## Provided data

● ● ● ●

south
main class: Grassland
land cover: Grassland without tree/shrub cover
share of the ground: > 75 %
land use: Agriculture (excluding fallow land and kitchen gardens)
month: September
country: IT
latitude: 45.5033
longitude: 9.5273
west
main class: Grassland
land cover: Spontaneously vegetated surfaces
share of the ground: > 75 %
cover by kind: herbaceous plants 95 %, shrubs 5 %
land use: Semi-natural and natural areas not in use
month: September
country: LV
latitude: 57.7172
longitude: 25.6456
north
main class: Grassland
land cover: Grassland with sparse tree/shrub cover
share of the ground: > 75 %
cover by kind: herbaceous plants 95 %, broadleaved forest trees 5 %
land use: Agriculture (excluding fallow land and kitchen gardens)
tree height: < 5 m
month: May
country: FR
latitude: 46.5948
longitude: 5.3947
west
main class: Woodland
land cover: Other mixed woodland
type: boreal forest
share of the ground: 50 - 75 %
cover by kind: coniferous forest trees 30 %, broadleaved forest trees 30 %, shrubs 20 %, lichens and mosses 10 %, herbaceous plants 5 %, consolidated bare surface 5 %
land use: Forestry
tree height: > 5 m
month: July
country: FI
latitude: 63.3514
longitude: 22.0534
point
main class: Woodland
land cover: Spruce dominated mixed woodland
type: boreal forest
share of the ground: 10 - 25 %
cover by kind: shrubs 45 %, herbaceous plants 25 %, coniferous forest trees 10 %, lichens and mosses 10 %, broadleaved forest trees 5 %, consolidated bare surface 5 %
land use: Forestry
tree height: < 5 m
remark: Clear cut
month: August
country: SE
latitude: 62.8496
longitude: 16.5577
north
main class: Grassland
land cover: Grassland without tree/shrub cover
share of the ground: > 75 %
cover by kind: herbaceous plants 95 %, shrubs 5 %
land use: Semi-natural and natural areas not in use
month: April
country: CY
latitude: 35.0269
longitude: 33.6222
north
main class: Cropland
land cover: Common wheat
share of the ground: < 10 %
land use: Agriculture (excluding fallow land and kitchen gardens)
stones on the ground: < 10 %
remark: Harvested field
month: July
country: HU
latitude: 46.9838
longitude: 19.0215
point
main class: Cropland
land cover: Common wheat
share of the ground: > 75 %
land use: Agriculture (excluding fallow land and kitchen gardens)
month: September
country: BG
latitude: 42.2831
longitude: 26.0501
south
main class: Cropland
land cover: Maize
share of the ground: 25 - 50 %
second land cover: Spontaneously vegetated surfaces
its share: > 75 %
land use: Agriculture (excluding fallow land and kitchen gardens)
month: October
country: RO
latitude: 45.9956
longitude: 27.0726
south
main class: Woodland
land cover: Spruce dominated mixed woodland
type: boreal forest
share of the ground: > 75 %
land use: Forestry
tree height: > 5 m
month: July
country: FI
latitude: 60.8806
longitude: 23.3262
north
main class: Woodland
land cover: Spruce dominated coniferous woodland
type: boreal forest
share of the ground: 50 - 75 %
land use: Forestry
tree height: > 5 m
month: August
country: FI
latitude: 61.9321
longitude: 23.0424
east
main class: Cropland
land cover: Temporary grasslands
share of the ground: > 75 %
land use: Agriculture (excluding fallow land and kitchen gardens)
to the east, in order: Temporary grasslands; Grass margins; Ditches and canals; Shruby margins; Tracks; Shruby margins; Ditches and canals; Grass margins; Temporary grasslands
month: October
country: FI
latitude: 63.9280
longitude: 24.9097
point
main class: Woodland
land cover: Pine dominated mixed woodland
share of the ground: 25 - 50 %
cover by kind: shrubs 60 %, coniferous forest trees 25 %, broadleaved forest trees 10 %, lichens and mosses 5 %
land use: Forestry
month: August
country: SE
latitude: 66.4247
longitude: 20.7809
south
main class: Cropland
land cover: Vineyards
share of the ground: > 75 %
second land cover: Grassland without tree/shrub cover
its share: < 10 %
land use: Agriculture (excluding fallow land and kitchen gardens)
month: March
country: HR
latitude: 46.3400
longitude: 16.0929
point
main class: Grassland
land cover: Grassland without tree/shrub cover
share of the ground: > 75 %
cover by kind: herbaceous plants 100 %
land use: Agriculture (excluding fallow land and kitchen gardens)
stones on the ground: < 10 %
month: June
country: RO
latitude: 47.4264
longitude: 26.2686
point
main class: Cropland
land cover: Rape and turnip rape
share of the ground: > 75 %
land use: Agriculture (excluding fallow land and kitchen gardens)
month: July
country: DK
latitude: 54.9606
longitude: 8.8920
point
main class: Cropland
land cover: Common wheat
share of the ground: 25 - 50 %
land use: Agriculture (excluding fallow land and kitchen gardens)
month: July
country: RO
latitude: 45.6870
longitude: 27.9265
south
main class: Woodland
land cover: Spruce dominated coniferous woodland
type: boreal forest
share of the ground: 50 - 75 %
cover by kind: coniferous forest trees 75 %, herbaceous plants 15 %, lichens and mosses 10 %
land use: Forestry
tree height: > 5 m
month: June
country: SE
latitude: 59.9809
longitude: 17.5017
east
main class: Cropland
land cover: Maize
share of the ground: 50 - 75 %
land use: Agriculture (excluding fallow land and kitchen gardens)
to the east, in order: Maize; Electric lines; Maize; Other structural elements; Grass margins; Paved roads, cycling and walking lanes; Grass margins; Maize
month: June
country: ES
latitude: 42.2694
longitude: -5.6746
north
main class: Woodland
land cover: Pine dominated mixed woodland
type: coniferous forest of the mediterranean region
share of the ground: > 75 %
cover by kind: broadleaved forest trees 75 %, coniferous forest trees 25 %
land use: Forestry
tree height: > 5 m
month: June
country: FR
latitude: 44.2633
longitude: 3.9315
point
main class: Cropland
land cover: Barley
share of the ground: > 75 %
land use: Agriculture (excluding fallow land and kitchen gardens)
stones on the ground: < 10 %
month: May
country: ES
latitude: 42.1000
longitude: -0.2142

● ● ● ●

## Exercise details
Every line above should be transcribed exactly.

## Written response
south
main class: Grassland
land cover: Grassland without tree/shrub cover
share of the ground: > 75 %
land use: Agriculture (excluding fallow land and kitchen gardens)
month: September
country: IT
latitude: 45.5033
longitude: 9.5273
west
main class: Grassland
land cover: Spontaneously vegetated surfaces
share of the ground: > 75 %
cover by kind: herbaceous plants 95 %, shrubs 5 %
land use: Semi-natural and natural areas not in use
month: September
country: LV
latitude: 57.7172
longitude: 25.6456
north
main class: Grassland
land cover: Grassland with sparse tree/shrub cover
share of the ground: > 75 %
cover by kind: herbaceous plants 95 %, broadleaved forest trees 5 %
land use: Agriculture (excluding fallow land and kitchen gardens)
tree height: < 5 m
month: May
country: FR
latitude: 46.5948
longitude: 5.3947
west
main class: Woodland
land cover: Other mixed woodland
type: boreal forest
share of the ground: 50 - 75 %
cover by kind: coniferous forest trees 30 %, broadleaved forest trees 30 %, shrubs 20 %, lichens and mosses 10 %, herbaceous plants 5 %, consolidated bare surface 5 %
land use: Forestry
tree height: > 5 m
month: July
country: FI
latitude: 63.3514
longitude: 22.0534
point
main class: Woodland
land cover: Spruce dominated mixed woodland
type: boreal forest
share of the ground: 10 - 25 %
cover by kind: shrubs 45 %, herbaceous plants 25 %, coniferous forest trees 10 %, lichens and mosses 10 %, broadleaved forest trees 5 %, consolidated bare surface 5 %
land use: Forestry
tree height: < 5 m
remark: Clear cut
month: August
country: SE
latitude: 62.8496
longitude: 16.5577
north
main class: Grassland
land cover: Grassland without tree/shrub cover
share of the ground: > 75 %
cover by kind: herbaceous plants 95 %, shrubs 5 %
land use: Semi-natural and natural areas not in use
month: April
country: CY
latitude: 35.0269
longitude: 33.6222
north
main class: Cropland
land cover: Common wheat
share of the ground: < 10 %
land use: Agriculture (excluding fallow land and kitchen gardens)
stones on the ground: < 10 %
remark: Harvested field
month: July
country: HU
latitude: 46.9838
longitude: 19.0215
point
main class: Cropland
land cover: Common wheat
share of the ground: > 75 %
land use: Agriculture (excluding fallow land and kitchen gardens)
month: September
country: BG
latitude: 42.2831
longitude: 26.0501
south
main class: Cropland
land cover: Maize
share of the ground: 25 - 50 %
second land cover: Spontaneously vegetated surfaces
its share: > 75 %
land use: Agriculture (excluding fallow land and kitchen gardens)
month: October
country: RO
latitude: 45.9956
longitude: 27.0726
south
main class: Woodland
land cover: Spruce dominated mixed woodland
type: boreal forest
share of the ground: > 75 %
land use: Forestry
tree height: > 5 m
month: July
country: FI
latitude: 60.8806
longitude: 23.3262
north
main class: Woodland
land cover: Spruce dominated coniferous woodland
type: boreal forest
share of the ground: 50 - 75 %
land use: Forestry
tree height: > 5 m
month: August
country: FI
latitude: 61.9321
longitude: 23.0424
east
main class: Cropland
land cover: Temporary grasslands
share of the ground: > 75 %
land use: Agriculture (excluding fallow land and kitchen gardens)
to the east, in order: Temporary grasslands; Grass margins; Ditches and canals; Shruby margins; Tracks; Shruby margins; Ditches and canals; Grass margins; Temporary grasslands
month: October
country: FI
latitude: 63.9280
longitude: 24.9097
point
main class: Woodland
land cover: Pine dominated mixed woodland
share of the ground: 25 - 50 %
cover by kind: shrubs 60 %, coniferous forest trees 25 %, broadleaved forest trees 10 %, lichens and mosses 5 %
land use: Forestry
month: August
country: SE
latitude: 66.4247
longitude: 20.7809
south
main class: Cropland
land cover: Vineyards
share of the ground: > 75 %
second land cover: Grassland without tree/shrub cover
its share: < 10 %
land use: Agriculture (excluding fallow land and kitchen gardens)
month: March
country: HR
latitude: 46.3400
longitude: 16.0929
point
main class: Grassland
land cover: Grassland without tree/shrub cover
share of the ground: > 75 %
cover by kind: herbaceous plants 100 %
land use: Agriculture (excluding fallow land and kitchen gardens)
stones on the ground: < 10 %
month: June
country: RO
latitude: 47.4264
longitude: 26.2686
point
main class: Cropland
land cover: Rape and turnip rape
share of the ground: > 75 %
land use: Agriculture (excluding fallow land and kitchen gardens)
month: July
country: DK
latitude: 54.9606
longitude: 8.8920
point
main class: Cropland
land cover: Common wheat
share of the ground: 25 - 50 %
land use: Agriculture (excluding fallow land and kitchen gardens)
month: July
country: RO
latitude: 45.6870
longitude: 27.9265
south
main class: Woodland
land cover: Spruce dominated coniferous woodland
type: boreal forest
share of the ground: 50 - 75 %
cover by kind: coniferous forest trees 75 %, herbaceous plants 15 %, lichens and mosses 10 %
land use: Forestry
tree height: > 5 m
month: June
country: SE
latitude: 59.9809
longitude: 17.5017
east
main class: Cropland
land cover: Maize
share of the ground: 50 - 75 %
land use: Agriculture (excluding fallow land and kitchen gardens)
to the east, in order: Maize; Electric lines; Maize; Other structural elements; Grass margins; Paved roads, cycling and walking lanes; Grass margins; Maize
month: June
country: ES
latitude: 42.2694
longitude: -5.6746
north
main class: Woodland
land cover: Pine dominated mixed woodland
type: coniferous forest of the mediterranean region
share of the ground: > 75 %
cover by kind: broadleaved forest trees 75 %, coniferous forest trees 25 %
land use: Forestry
tree height: > 5 m
month: June
country: FR
latitude: 44.2633
longitude: 3.9315
point
main class: Cropland
land cover: Barley
share of the ground: > 75 %
land use: Agriculture (excluding fallow land and kitchen gardens)
stones on the ground: < 10 %
month: May
country: ES
latitude: 42.1000
longitude: -0.2142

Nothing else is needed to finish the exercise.